I never thought
being black was ever an issue
I never knew
being black meant something!

I never thought for a moment
being black meant being different,
actually being treated different…
no I stand corrected, being treated differently!

I thought I was secure in myself
Until the question of my race
was brought direct to my face…I mean brought directly to my face!

All these years cushioned in the diversity of London
Not really seeing ‘color’, but just mere people
People I realised now looked like me,
no not really, were similar to me…
BAME – the Black Asian and Minority Ethnic!

Of course we looked the same
We were the minority
Yet the majority,
in East London where I had lived and worked…many years!

I never knew being black meant something!

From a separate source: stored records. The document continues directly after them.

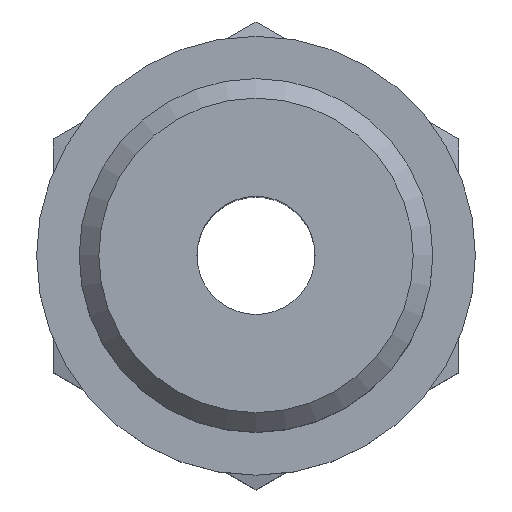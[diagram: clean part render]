
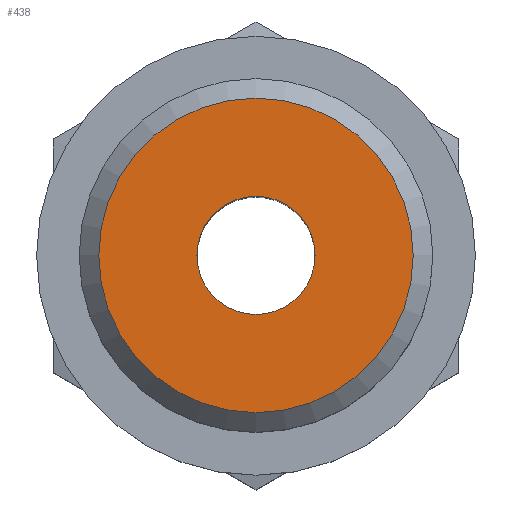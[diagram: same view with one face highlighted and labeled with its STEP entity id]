
A CAD part, top view. The second image highlights one B-rep face of the part: STEP entity #438.
In plain terms, the highlighted planar face has unit normal (0, 0, 1).
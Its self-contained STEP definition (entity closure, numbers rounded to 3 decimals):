
#37=PLANE('',#497);
#59=CIRCLE('',#495,9.316);
#61=CIRCLE('',#498,3.5);
#108=ORIENTED_EDGE('',*,*,#222,.T.);
#109=ORIENTED_EDGE('',*,*,#220,.F.);
#220=EDGE_CURVE('',#269,#269,#59,.T.);
#222=EDGE_CURVE('',#271,#271,#61,.T.);
#269=VERTEX_POINT('',#790);
#271=VERTEX_POINT('',#795);
#322=EDGE_LOOP('',(#108));
#323=EDGE_LOOP('',(#109));
#372=FACE_BOUND('',#322,.T.);
#373=FACE_BOUND('',#323,.T.);
#438=ADVANCED_FACE('',(#372,#373),#37,.T.);
#495=AXIS2_PLACEMENT_3D('',#789,#579,#580);
#497=AXIS2_PLACEMENT_3D('',#793,#583,#584);
#498=AXIS2_PLACEMENT_3D('',#794,#585,#586);
#579=DIRECTION('',(0.,0.,-1.));
#580=DIRECTION('',(-1.,0.,0.));
#583=DIRECTION('',(0.,0.,1.));
#584=DIRECTION('',(1.,0.,0.));
#585=DIRECTION('',(0.,0.,-1.));
#586=DIRECTION('',(-1.,0.,0.));
#789=CARTESIAN_POINT('',(0.,0.,12.));
#790=CARTESIAN_POINT('',(-9.316,0.,12.));
#793=CARTESIAN_POINT('',(0.,9.316,12.));
#794=CARTESIAN_POINT('',(0.,0.,12.));
#795=CARTESIAN_POINT('',(-3.5,0.,12.));
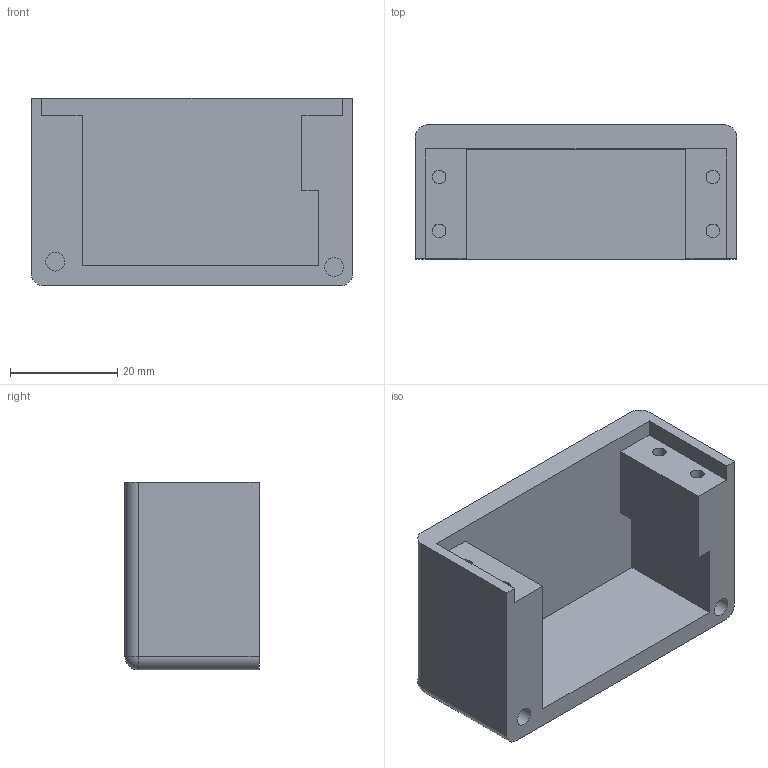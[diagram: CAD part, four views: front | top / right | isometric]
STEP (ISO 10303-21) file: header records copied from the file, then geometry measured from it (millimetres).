
FILE_DESCRIPTION(/* description */ (''),/* implementation_level */ '2;1');
FILE_NAME(/* name */ 'Delantera.step',/* time_stamp */ '2022-01-25T22:21:15-05:00',/* author */ (''),/* organization */ (''),/* preprocessor_version */ 'ST-DEVELOPER v18.1',/* originating_system */ 'Autodesk Translation Framework v10.13.0.1454',/* authorisation */ '');
FILE_SCHEMA (('AUTOMOTIVE_DESIGN { 1 0 10303 214 3 1 1 }'));
Length unit declared in the file: millimetre
Products named in the file (1): Delantera
Bounding box: 60 x 25 x 35 mm (x, y, z)
Volume: 23504 mm3; surface area: 10876.7 mm2
Topology: 1 solids, 1 shells, 44 faces, 99 edges, 64 vertices
Faces by surface type: plane 27, cylinder 15, sphere 2
Full cylindrical faces by diameter (mm): 2.5 x4, 3.5 x2
Entity records: 1258 total; most frequent: DIRECTION 219, CARTESIAN_POINT 208, ORIENTED_EDGE 198, EDGE_CURVE 99, AXIS2_PLACEMENT_3D 75, LINE 69, VECTOR 69, VERTEX_POINT 64

Now in the pool of the majority
Where my minority truly is minor
Face to face with the reality that I am black!
Oh My God! I am black,
Being educated of my ignorance
Ignorant to the fact that being black was different!

What an awakening!
What an incitement to the reality I needed to embrace my blackness,
recognise and acknowledge my roots!

Thirty years in the UK doesn’t make me English.
A tad of the RP accent doesn’t make me British.
Would forever be an immigrant
Even if I didn’t choose it.
Forever an immigrant
Even if the country of my origin is more foreign to me
than the country I am considered a foreigner.

I am black!

Never knew being black was an issue till now!

Embarrassed, at the issue of my own ignorance!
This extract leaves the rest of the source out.